[R-meta] mean-variance relationships introduces additional heterogeneity, how?

[James Pustejovsky]

HI Luke and listserv,

I wrote up some thoughts on the question of using standardized mean
differences to analyze outcomes measured as proportions:
https://www.jepusto.com/mean-variance-relationships-and-smds/
Thoughts, comments, questions, and critiques welcome.

James

On Mon, Oct 25, 2021 at 9:07 PM James Pustejovsky <jepusto using gmail.com> wrote:
>
> All I mean is that a skewed distribution or one with large outliers
> does not necessarily *imply* that a mean-sd relationship exists. It
> could be the result of one, but skewness might be due to something
> else (such as selective reporting) instead.
>
> I would suggest that a well-behaved effect distribution is desirable
> and appropriate to the extent that it indicates empirical regularity
> of the phenomenon you're interested in.
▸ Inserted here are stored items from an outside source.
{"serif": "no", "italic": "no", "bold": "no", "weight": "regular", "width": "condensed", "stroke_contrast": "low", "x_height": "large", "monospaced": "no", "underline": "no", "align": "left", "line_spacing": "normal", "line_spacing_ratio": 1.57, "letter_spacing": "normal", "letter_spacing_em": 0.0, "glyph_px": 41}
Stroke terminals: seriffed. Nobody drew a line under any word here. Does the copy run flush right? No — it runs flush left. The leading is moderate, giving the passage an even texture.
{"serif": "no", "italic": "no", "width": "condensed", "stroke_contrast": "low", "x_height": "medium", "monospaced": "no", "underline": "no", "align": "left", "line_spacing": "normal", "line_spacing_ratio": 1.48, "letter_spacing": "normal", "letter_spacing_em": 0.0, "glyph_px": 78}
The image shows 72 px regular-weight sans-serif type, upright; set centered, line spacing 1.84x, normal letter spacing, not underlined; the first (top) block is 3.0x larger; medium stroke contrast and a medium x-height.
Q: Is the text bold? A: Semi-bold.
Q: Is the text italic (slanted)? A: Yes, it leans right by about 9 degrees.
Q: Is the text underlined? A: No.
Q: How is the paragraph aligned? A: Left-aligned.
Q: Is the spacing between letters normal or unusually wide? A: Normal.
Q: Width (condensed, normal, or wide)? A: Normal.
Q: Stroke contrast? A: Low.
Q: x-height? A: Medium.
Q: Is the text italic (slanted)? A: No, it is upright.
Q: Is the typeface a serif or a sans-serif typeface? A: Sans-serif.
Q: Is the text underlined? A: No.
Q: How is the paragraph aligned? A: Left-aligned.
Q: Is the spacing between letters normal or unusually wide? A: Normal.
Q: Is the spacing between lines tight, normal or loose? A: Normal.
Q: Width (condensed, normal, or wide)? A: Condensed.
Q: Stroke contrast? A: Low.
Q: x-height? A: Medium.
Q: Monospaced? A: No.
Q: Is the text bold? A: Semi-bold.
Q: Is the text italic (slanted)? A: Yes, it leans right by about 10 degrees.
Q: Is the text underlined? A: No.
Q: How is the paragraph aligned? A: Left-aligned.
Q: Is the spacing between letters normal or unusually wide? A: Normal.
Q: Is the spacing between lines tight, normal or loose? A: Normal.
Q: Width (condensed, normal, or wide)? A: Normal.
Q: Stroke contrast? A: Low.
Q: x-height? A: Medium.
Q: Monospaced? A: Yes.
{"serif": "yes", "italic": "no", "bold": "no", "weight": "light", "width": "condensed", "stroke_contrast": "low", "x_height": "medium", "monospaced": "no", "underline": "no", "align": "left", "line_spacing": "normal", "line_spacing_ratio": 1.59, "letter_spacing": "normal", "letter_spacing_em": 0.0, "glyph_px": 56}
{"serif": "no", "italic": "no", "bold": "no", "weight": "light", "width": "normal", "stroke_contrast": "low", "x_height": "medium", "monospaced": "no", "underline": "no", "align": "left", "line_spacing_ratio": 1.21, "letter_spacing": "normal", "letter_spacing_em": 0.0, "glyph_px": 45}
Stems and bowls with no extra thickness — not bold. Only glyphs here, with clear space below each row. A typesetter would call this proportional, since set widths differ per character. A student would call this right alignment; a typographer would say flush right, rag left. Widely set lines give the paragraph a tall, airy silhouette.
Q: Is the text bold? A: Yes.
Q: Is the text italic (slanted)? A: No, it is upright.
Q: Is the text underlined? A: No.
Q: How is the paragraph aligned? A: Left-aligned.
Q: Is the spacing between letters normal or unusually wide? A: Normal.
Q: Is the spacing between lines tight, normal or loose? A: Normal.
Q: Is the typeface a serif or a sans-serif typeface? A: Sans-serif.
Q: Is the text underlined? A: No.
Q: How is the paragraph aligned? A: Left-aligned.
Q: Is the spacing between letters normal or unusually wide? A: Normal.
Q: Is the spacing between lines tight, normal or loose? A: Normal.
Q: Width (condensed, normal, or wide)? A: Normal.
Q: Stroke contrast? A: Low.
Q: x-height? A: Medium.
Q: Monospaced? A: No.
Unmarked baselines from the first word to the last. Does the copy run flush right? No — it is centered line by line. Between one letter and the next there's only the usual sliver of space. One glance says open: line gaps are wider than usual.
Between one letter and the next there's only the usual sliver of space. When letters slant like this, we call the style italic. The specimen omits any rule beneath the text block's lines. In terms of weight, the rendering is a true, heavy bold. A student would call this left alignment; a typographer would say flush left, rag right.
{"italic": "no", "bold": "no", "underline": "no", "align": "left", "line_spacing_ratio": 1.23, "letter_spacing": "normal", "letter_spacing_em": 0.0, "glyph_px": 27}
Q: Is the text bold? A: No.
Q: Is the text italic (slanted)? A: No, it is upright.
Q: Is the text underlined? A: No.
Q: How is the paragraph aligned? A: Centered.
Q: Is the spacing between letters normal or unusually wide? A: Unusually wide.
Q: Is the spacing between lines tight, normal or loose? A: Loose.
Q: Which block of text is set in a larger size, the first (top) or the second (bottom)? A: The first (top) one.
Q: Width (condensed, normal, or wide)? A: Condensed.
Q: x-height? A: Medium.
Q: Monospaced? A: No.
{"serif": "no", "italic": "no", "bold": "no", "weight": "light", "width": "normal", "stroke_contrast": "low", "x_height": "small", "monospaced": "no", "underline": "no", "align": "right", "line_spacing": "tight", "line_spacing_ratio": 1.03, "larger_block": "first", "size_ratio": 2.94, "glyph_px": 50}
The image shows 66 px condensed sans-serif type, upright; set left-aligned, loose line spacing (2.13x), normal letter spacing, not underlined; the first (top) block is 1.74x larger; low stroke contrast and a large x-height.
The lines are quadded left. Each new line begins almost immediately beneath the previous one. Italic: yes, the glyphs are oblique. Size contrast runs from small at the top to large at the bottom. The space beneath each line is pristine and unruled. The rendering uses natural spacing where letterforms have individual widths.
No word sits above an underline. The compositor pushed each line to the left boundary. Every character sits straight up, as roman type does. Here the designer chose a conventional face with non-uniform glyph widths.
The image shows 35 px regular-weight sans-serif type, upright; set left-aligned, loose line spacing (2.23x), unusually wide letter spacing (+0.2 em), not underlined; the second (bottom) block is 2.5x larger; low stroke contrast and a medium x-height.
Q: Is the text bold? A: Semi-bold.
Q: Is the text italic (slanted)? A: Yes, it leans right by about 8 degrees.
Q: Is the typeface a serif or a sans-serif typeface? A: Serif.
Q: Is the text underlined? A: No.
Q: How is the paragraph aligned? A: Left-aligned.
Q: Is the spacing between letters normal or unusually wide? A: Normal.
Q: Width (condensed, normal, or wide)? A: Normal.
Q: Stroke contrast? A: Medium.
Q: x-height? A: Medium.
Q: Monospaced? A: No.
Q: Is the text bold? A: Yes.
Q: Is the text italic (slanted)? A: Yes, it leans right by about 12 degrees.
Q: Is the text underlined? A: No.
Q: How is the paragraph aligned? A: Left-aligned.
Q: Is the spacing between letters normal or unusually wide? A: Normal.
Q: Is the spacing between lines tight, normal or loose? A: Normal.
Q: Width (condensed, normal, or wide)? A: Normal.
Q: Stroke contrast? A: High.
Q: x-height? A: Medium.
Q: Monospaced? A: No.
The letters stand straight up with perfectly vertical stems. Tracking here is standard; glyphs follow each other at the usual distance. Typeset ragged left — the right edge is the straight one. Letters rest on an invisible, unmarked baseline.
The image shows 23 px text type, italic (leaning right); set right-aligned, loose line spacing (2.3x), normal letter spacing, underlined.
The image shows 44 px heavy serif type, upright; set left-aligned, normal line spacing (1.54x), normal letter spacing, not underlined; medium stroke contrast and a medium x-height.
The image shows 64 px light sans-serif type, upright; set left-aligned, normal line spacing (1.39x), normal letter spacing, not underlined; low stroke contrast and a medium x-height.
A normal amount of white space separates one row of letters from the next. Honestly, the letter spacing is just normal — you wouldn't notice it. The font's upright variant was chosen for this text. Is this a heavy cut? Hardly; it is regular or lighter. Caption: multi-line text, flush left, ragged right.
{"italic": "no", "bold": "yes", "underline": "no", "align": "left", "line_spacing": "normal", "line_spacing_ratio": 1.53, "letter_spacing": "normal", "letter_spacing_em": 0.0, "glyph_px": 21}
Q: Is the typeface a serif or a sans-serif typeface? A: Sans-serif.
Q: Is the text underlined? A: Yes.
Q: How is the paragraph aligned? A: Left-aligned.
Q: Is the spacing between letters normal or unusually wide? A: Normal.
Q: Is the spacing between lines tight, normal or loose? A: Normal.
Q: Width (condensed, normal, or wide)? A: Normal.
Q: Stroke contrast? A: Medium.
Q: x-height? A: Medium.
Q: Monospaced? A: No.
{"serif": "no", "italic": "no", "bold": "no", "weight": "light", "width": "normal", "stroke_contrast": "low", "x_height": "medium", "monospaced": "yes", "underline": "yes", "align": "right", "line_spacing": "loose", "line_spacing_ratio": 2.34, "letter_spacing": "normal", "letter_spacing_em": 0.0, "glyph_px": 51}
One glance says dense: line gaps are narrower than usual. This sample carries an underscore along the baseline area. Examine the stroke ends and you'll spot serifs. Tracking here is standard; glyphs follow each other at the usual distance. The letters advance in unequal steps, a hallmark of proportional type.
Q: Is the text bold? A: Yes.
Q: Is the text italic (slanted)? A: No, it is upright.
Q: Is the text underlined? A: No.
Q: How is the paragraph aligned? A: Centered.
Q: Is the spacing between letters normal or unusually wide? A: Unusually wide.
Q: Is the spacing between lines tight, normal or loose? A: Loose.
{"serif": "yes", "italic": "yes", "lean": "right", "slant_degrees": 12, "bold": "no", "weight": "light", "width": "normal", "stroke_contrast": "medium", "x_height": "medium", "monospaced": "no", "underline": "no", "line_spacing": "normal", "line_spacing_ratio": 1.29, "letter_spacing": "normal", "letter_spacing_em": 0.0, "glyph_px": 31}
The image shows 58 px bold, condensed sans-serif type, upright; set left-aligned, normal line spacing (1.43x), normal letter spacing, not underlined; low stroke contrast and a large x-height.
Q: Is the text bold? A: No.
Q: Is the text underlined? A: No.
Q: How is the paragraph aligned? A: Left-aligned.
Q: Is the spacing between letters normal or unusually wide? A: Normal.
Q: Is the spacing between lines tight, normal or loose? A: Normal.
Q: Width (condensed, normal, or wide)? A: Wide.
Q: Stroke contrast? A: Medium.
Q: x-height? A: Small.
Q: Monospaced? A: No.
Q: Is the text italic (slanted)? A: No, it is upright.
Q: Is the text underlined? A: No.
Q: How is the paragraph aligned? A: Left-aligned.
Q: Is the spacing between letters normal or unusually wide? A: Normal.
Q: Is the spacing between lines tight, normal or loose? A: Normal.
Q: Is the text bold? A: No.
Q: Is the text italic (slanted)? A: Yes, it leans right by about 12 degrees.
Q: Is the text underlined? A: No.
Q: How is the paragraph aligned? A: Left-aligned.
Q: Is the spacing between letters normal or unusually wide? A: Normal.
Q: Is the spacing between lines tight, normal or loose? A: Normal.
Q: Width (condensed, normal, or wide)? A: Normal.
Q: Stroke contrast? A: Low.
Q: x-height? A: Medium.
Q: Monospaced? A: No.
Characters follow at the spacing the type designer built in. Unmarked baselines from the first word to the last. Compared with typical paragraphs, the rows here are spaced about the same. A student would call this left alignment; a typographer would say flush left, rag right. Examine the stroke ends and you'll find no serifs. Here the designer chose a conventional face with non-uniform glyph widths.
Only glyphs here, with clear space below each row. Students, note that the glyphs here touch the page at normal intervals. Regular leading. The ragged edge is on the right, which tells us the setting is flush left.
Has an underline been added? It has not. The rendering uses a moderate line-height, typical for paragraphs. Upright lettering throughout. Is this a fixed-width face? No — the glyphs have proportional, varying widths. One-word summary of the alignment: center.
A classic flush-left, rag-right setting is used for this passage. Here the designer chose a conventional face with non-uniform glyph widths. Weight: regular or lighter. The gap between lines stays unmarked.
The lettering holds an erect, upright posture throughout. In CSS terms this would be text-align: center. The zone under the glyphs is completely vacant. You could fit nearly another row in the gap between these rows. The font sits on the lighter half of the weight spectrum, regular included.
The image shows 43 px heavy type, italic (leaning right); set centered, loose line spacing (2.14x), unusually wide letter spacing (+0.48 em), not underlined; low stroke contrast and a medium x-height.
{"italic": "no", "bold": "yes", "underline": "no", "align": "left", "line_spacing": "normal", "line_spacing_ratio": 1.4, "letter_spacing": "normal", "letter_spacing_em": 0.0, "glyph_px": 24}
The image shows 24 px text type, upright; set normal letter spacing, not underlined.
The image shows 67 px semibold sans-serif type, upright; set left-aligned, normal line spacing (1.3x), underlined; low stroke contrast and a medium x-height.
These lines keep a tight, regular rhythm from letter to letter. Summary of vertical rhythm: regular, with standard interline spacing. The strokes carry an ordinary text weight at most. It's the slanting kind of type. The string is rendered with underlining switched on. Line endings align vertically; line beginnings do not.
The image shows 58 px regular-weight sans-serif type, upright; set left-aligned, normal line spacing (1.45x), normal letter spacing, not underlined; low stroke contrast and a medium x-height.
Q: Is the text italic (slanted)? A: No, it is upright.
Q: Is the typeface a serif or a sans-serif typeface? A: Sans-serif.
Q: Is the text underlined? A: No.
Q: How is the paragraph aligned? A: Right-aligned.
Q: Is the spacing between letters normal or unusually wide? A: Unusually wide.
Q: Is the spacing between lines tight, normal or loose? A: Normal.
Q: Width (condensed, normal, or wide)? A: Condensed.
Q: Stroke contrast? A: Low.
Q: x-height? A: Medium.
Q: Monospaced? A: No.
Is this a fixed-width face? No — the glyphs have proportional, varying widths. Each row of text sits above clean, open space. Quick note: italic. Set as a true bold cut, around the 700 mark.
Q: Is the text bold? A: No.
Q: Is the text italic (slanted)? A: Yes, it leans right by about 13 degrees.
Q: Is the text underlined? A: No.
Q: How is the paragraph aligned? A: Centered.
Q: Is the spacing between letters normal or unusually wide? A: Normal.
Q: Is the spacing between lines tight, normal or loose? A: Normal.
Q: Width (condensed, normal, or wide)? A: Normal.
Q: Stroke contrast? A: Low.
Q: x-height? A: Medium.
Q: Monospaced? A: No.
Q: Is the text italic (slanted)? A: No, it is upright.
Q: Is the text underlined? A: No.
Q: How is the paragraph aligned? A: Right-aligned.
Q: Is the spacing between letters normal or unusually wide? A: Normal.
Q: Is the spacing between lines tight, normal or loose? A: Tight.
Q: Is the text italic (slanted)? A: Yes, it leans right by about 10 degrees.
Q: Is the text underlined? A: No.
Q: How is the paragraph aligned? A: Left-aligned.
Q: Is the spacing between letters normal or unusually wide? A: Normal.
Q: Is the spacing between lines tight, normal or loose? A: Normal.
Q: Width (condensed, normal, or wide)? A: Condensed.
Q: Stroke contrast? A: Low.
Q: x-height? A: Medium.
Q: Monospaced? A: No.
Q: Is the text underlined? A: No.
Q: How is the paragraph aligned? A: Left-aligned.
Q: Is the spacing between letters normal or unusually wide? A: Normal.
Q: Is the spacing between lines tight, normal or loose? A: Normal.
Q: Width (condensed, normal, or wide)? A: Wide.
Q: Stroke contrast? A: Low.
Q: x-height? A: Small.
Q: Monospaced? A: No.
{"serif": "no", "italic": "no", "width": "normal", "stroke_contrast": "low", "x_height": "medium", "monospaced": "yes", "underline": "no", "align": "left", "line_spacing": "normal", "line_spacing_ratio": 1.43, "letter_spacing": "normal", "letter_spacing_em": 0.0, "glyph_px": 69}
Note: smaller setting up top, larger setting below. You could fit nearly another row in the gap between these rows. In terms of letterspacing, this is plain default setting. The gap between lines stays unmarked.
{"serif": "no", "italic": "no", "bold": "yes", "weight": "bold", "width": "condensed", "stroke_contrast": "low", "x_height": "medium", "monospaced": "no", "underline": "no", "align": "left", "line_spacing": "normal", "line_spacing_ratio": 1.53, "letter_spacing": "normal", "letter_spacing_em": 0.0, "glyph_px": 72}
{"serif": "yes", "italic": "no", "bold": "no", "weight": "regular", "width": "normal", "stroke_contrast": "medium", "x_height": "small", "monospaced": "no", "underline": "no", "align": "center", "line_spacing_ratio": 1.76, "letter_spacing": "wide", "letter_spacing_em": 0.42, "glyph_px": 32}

A less heterogeneous
> distribution means that effects are more predictable (at least in the
> corpus of studies that you're examining).
>
> On Mon, Oct 25, 2021 at 8:58 PM Luke Martinez <martinezlukerm using gmail.com> wrote:
> >
> > I thought the existence of outlying effect estimates under SMD and
> > lack of it under LRR could attest to the existence of
> > heterogeneity-generating artefacts like mean-sd relationships (and/or
> > variation in measurement error) across the studies.
> >
> > If not, then, would you mind commenting on why a more symmetric and
> > well-behaved effect distribution is equated with its appropriateness
> > for a set of summaries (e.g., means & sds) from studies?
> >
> > Luke
> >
> > On Mon, Oct 25, 2021 at 8:47 PM James Pustejovsky <jepusto using gmail.com> wrote:
> > >
> > > Responses below.
> > >
> > > On Mon, Oct 25, 2021 at 4:21 PM Luke Martinez <martinezlukerm using gmail.com> wrote:
> > > >
> > > > Sure, thanks. Along the same lines, if I see that the unconditional
> > > > distribution of the SMD estimates is multi-modal or right or left
> > > > skewed (perhaps due to extreme outliers), but the unconditional
> > > > distribution of the corresponding LRR estimates looks more symmetric
> > > > and well-behaved, does that also empirically suggest a mean-sd
> > > > relationship in one or more groups?
> > >
> > > I'm not sure that it implies a mean-sd relationship. But I think it
> > > does suggest that LRR might be a more appropriate metric.
> > >
> > > > PS. Is there a reason for exploring the mean-sd relationship
> > > > specifically in the control group?
> > >
> > > No, you could certainly examine the relationships in the treatment
> > > group(s) as well.